What is supplemental insurance?

Supplemental insurance is limited benefit coverage that’s designed to supplement – but not replace – your regular major medical insurance policy.

Supplemental insurance includes a variety of different types of coverage, including accident insurance, dental insurance, vision insurance, cancer insurance, fixed indemnity insurance, and critical illness insurance.

What does supplemental insurance cover?

Coverage will vary considerably depending on the type of supplemental insurance and the specific benefits that you purchase. In general, these policies will have specific lists of the medical conditions, circumstances, or treatments they’ll cover, and pre-determined maximum benefits.

The benefits might be paid in one lump sum, or as a series of smaller amounts depending on the medical services that you receive.

It’s possible to buy supplemental insurance policies that will pay benefits for a wide range of serious medical conditions, accidental injuries, and routine care such as dental or vision services.

For dental and vision insurance, the policy is likely to pay benefits directly to the dentist or optometrist, as opposed to sending cash to the policyholder.
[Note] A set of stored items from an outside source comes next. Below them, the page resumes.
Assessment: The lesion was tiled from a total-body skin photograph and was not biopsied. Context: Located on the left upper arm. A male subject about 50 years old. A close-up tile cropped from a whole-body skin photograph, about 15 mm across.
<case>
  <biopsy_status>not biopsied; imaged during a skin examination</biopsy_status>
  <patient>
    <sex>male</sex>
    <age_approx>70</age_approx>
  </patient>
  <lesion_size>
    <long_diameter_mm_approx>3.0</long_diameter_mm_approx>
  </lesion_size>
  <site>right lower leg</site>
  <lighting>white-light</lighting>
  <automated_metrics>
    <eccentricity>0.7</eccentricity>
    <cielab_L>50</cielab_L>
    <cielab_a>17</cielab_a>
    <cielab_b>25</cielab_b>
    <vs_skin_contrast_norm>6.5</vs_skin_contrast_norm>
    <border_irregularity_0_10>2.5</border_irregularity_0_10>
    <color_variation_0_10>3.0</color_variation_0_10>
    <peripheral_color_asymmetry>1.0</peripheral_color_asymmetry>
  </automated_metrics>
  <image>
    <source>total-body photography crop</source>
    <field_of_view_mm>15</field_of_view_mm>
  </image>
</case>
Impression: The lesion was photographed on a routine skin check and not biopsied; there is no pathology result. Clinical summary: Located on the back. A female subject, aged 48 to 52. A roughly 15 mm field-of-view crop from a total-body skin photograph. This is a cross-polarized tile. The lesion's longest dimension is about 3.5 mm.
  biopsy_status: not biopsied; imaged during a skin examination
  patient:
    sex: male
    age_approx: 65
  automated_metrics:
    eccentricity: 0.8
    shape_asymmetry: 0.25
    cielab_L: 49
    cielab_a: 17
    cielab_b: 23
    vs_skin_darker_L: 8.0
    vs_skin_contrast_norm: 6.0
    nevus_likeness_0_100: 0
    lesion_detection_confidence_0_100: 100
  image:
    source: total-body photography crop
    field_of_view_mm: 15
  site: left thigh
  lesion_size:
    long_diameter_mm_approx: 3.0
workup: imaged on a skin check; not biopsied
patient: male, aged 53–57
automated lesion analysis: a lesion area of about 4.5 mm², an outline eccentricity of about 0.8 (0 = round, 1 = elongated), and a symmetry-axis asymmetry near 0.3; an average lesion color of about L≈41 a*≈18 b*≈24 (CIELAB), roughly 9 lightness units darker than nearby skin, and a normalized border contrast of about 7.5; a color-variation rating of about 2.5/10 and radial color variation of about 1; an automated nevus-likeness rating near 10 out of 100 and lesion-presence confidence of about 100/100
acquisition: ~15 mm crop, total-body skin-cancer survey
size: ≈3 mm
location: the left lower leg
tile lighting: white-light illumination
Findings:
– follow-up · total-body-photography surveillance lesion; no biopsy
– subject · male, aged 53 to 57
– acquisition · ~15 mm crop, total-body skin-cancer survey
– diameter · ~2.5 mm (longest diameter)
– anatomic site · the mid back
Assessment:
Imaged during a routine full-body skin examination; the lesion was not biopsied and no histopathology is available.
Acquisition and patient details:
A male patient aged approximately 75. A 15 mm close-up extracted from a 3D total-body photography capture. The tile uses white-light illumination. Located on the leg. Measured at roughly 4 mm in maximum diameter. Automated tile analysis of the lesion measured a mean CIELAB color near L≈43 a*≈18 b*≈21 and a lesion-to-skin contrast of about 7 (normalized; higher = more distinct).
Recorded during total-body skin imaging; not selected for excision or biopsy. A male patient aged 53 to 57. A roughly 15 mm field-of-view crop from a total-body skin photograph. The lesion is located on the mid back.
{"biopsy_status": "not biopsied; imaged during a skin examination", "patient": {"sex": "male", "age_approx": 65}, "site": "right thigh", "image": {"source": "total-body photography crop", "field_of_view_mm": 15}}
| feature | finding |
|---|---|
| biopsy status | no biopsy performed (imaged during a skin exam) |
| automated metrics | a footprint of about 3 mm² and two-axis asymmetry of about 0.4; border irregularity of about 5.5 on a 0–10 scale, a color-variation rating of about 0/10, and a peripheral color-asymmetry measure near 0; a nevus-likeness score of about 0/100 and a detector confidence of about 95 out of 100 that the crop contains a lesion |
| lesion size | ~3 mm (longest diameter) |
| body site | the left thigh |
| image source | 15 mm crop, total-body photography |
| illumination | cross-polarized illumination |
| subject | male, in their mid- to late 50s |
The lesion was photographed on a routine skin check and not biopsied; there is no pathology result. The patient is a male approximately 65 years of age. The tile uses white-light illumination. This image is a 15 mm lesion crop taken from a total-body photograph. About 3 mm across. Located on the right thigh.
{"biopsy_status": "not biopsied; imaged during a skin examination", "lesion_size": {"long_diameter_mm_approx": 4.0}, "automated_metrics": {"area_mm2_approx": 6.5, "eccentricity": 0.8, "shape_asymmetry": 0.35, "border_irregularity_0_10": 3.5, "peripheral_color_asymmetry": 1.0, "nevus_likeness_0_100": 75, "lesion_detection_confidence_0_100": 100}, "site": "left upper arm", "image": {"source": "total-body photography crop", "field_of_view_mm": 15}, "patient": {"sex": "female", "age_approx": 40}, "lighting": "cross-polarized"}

This will typically be the case if the dentist or optometrist is in-network with your plan; if they’re out-of-network and the plan provides out-of-network benefits, it’s more common for the patient to pay the provider in full and then submit a claim to the dental and vision plan for some level of reimbursement.

But for other types of supplemental insurance, the policy is typically structured so that cash benefits are paid to the policyholder, to use as they see fit.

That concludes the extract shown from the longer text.